Милостивая государыня,
Княжна Варвара Дмитриевна.
Ваше письмо от 6-го декабря я имел честь получить только на этой неделе. Во-первых, адрес был неверен и, кроме того, я был целый месяц в Москве, так что письмо ваше прождало меня все время у меня на столе в Петербурге. Благодарю Вас очень за внимание к моему роману: я всегда сумею оценить искренний отзыв, как Ваш, и Ваши похвалы мне весьма лестны. Для таких-то отзывов и живешь и пишешь, тогда как в нашем литературном мире все напротив так условно, так двумысленно и со складкой, а стало быть все так скучно, официально, особенно похвалы и лестные отзывы. Насчет же Вашего намерения извлечь из моего романа драму, то, конечно, я вполне согласен, да и за правило взял никогда таким попыткам не мешать; но не могу не заметить Вам, что почти всегда подобные попытки не удавались, по крайней мере вполне.
Есть какая-то тайна искусства, по которой эпическая форма никогда не найдет себе соответствия в драматической. Я даже верю, что для разных форм искусства существуют и соответственные им ряды поэтических мыслей, так что одна мысль не может никогда быть выражена в другой, не соответствующей ей форме.
Другое дело, если Вы как можно более переделаете и измените роман, сохранив от него лишь один какой-нибудь эпизод для переработки в драму, или, взяв первоначальную мысль, совершенно измените сюжет… И, однако же, отнюдь прошу не принимать моих слов за отсоветование.
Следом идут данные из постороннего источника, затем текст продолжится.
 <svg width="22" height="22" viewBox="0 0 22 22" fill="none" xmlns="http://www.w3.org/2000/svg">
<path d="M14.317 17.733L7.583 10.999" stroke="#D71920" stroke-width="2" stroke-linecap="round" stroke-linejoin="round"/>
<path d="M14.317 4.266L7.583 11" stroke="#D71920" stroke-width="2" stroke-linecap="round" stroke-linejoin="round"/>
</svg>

Повторяю, я совершенно сочувствую Вашему намерению, а Ваше желание непременно довести дело до конца, мне чрезвычайно лестно… Еще раз извините мой поздний ответ, — но виноват без вины.
Примите, княжна, уверение в глубочайшем моем уважении.
Ваш покорнейший слуга
Федор Достоевский.
Письмо это представляет крупный литературный интерес. Это единственное высказывание Достоевского на тему об инсценировке его романов, в связи с общим вопросом о праве нарушать художественную форму, установленную самим автором. Вопрос о сценической переделке вырастает под пером Достоевского в одну из основных проблем общей поэтики.
Это замечательное письмо вызвано обращением к писателю одной из его читательниц с предложением «извлечь из его романа драму».
О каком романе идет речь? Вне всякого сомнения о «Бесах», которые в то время печатались в «Русском Вестнике». Непосредственная благодарность Достоевского за «внимание к роману», за лестный отзыв и похвалу относится, конечно, к актуально публикуемому произведению, а дата обоих писем (6 декабря 1871 г., 20 января 1872 г.) определенно указывает на первые две части «Бесов», в то время законченных печатанием в журнале.
Отношение Достоевского к проекту инсценировать его роман явно отрицательное. Сквозь все любезности, благодарности, согласия и сочувствия польщенного автора определенно сквозит его скептическое недоверие к этому предприятию его корреспондентки.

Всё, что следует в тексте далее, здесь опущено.